But life is not a movie, and the process of rehabilitation and return to normal life is slow and requires time, patience and especially hard work.

Like the hurricane that strikes surprisingly, the first blow is the hardest and most painful, but even after that you have to deal with the shock waves left by the storm.



The rehabilitation chapter is already a story in itself, and we are only at the beginning of the road.

But here, too, the positive experience from the intensive care unit returns.

It is difficult to explain in words the professionalism of the Department of Pediatric Rehabilitation under the management of Dr.
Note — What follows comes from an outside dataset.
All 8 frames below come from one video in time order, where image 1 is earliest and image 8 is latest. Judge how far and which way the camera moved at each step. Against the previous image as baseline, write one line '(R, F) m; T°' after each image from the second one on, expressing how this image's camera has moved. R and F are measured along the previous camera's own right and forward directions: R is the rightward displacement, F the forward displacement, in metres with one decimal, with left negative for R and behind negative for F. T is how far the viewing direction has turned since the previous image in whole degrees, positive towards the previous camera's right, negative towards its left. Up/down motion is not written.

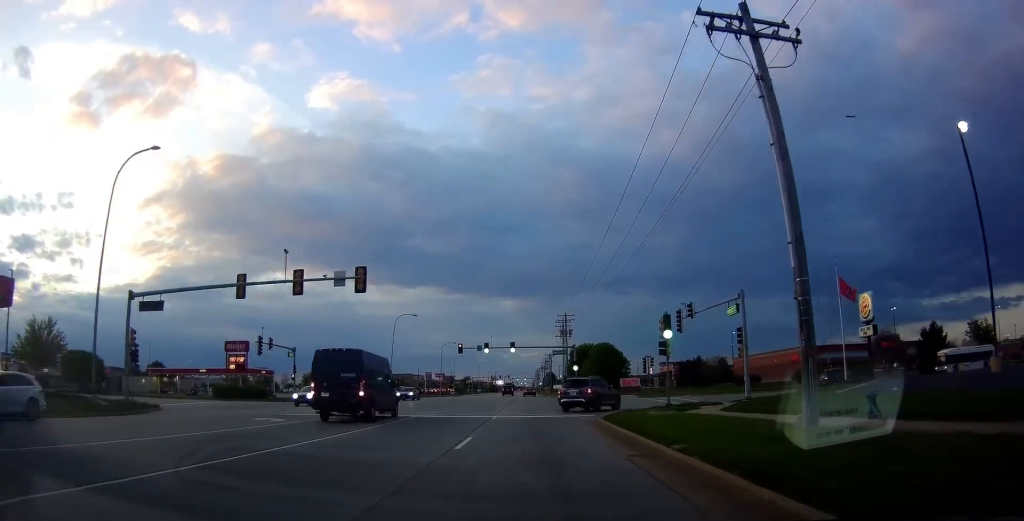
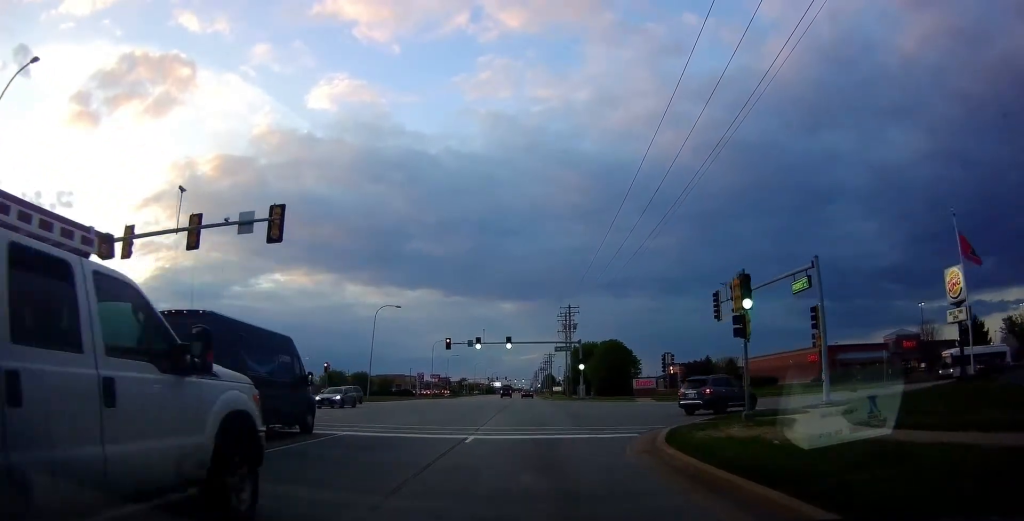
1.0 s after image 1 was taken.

Xana Landa, and its high level of professional functioning - and especially the dedication and love that surrounds all hospitalized children. In the profession, communication clinicians, etc., and of course the service girls, who, along with organizations such as Ezer Mitzion, play an important and very supportive role in the hospital.

An exciting bat mitzvah.

The celebrations for Ido (Photo: Courtesy of the family)

Life is not a plan as you request and of course you do not choose to get into such a crisis situation.

But alongside the difficulties, there are also points of light: the intimate connection and interdependence created with the child during the period in the hospital is difficult to explain in words, it is an emotional experience that can not be described using a keyboard.



The body now re-learns the commands from the brain.

Accelerated process of first steps and sounds.

The most basic needs initially become central, and the best way to deal with the difficulties and painful moments is to combine them with humor and laughter.

We understand at a glance that the situations and the relationship built will be taken with us for the rest of our lives, hence the importance of maintaining optimism and a smile.

Frustration and bitterness will not help at any stage.



Of course there is no naivety here.

Medicine in Israel, like many other areas of Israeli society, has many problems, loads, queues and huge and unimaginable gaps in the level of service and care between the periphery and the center of the country.

This is a system that, for example, finds it difficult to provide a psychiatric response to many teenagers and children who need treatment and sometimes hospitalization, and too few professionals are under a particularly heavy burden due to the consequences that are still too early to assess in the face of the corona epidemic.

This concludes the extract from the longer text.